Personally, I doubt that a change in policy to include “prayers” from people of diverse beliefs will make any real difference to anyone. People who want to believe that our laws are derived from God, rather than popular sovereignty, as our Constitution says, will not be convinced by argument or history. Their stiff-necked opposition to reality is a product of their own inner drives, which probably “find” it convenient to nurse a counterfactual belief, to serve psychological needs that exceed my knowing. Others disagree and argue that changing the words we use and the way we use them will, over time, preclude the possibility of such opposition. I doubt it. Humans have proven relentlessly inventive in their ability to coin new expressions in service of their prejudices.
And, finally, the matter of “prayer.”
Some people see the opposition to “sectarian prayer” or “prayer mentioning Christ” as opposition to “prayer” in general. And I do not doubt that some opponents of legislative prayer would rather we strip our governmental processes of anything that does not bear directly on matters at hand: budgets, expenditures, hiring, firing, rules of conduct, etc. But I say their view of the world is unnecessarily drab and utilitarian, and a tacit denial of how people actually experience the universe.

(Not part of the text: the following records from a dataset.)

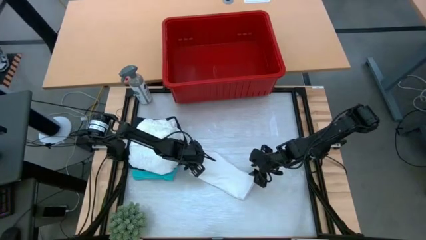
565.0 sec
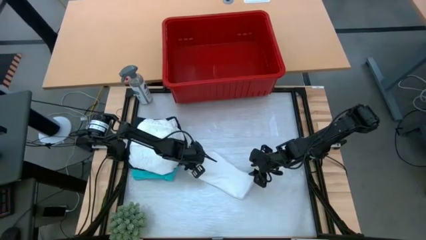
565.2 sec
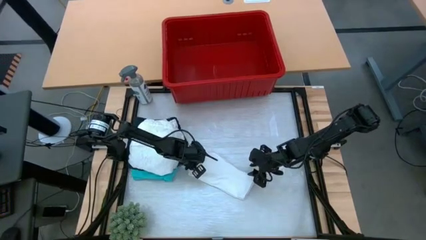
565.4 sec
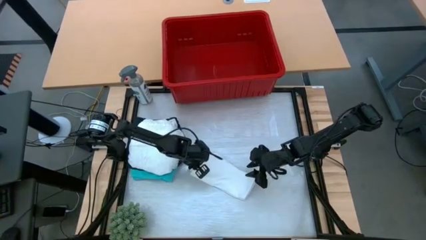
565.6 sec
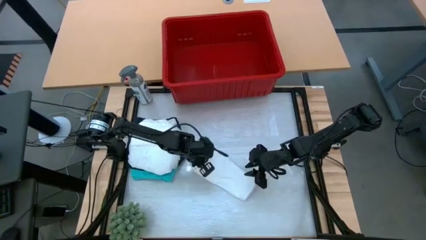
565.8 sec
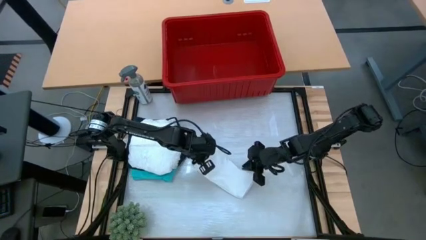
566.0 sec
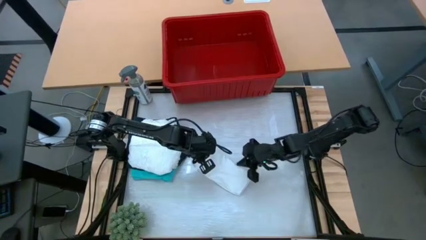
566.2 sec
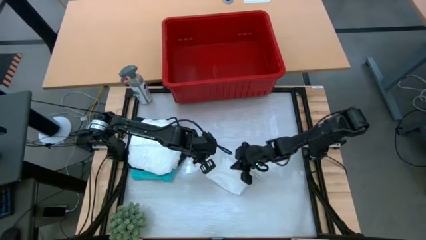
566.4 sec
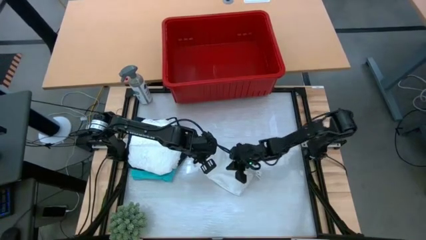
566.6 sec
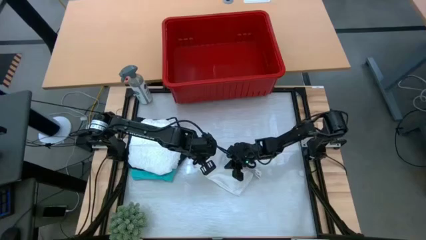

We live in a transactional world, where labor and resources are shifted around by lawful exchange in hopes of increasing the overall “value” of our economy and the aggregate happiness of our citizens. This takes a lot of work, so there is always a lot of business to do, and I can see why some people would prefer a governmental process that is just a utilitarian device for getting things done. But the transactional quality of life does not overcome the transcendental quality of experience. And by that I mean not that there are supernatural forces at work in our world, but that the universe is far more complicated that our little brains can comprehend: we should not be surprised by transcendental experience, or the sense that our lives and activities are important, not to be abandoned or taken lightly, that powers beyond our comprehension are always on the verge of interfering in our lives.
Emptying the universe of supernatural forces and adopting a scientific outlook does not leave us with a world where everything is explained or even explainable. There are still mysteries everywhere, including the problems of understanding ourselves and our society—like why are some people so intent on believing in things that are both unobserved and nonsensical? Paying heed to those mysteries by ceremonial remarks that might be construed as “prayers”—whether they “mention Christ” or not—can still be, and in my opinion should be, a good way to remind ourselves, especially in the task of governing, that the quantity of the unknown far exceeds what is known.
There are different ways to “pray,” and not all of them involve petitions for knowledge or guidance or any other tangible benefits from an intangible deity. “Prayer” can also include acknowledgements that we wrestle with our lack of knowledge, the absence of guidance, and the ever-present desire for tangible benefits that we still manage to do without. So if the Fresno City Council—or any other governing body—wanted to open each of its sessions with the admission that none of its members will ever know enough to make the best decisions, I would be happy.